Olofsson adds that he sees regulation has a driver for unification, but the elephant in the room is if the financial services industry doesn’t act, others will from outside of the sector.
Providing insight into P27, CEO Lard Sjogren suggests that despite failed attempts in the past, this time they’ll get it right because the Nordic region is largely export driven and clients have a different mindset today. “They used to accept what they were given and didn’t know what was happening outside of their country. We need to rethink how we do this as domestic is not the way to approach this.”

To consider all nine clearing platforms in the Nordics, Sjogren advises that it is time to stop using the standards that have taken over 40 years to develop and achieve scale with simplification. Oakes points out that there needs to be a balance between regulation and customer experience: “customers want cool stuff but don’t understand that it might not be legal,” she goes on to explain how users start to behave how they do in their daily lives and start to use emojis when making payments, which could be problematic. Serving the customer means serving all segments of society and addressing the needs of the vulnerable, not just who financial institutions see as profitable customers.

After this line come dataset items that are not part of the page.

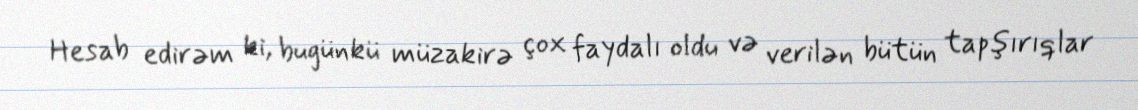
Hesab edirəm ki, bugünkü müzakirə çox faydalı oldu və verilən bütün tapşırıqlar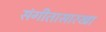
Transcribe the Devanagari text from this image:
संगीतासारखा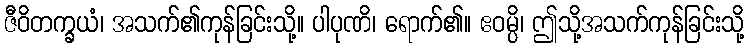
ဇီဝိတက္ခယံ၊ အသက်၏ကုန်ခြင်းသို့။ ပါပုဏိ၊ ရောက်၏။ ဧဝမ္ပိ၊ ဤသို့အသက်ကုန်ခြင်းသို့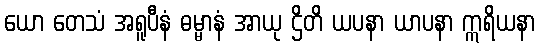
ယော တေသံ အရူပီနံ ဓမ္မာနံ အာယု ဌိတိ ယပနာ ယာပနာ ဣရိယနာ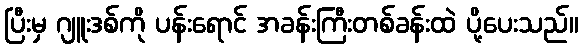
ပြီးမှ ဂျူးဒစ်ကို ပန်းရောင် အခန်းကြီးတစ်ခန်းထဲ ပို့ပေးသည်။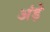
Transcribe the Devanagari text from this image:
अंड़े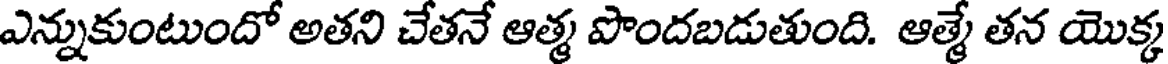
ఎన్నుకుంటుందో అతని చేతనే ఆత్మ పొందబడుతుంది. ఆత్మే తన యొక్క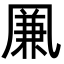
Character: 凲

Sjogren adds that with P27, they are in a different starting point than others that are also building payment platforms. “We are not building a new rail next to existing ones, we are building a new platform. To look at transaction monitoring, for examples, five billion transactions are processed in one system so it is easy to find mule accounts in one, than in nine different platforms. I don’t know if that’s innovation, but it solves a problem we have today.”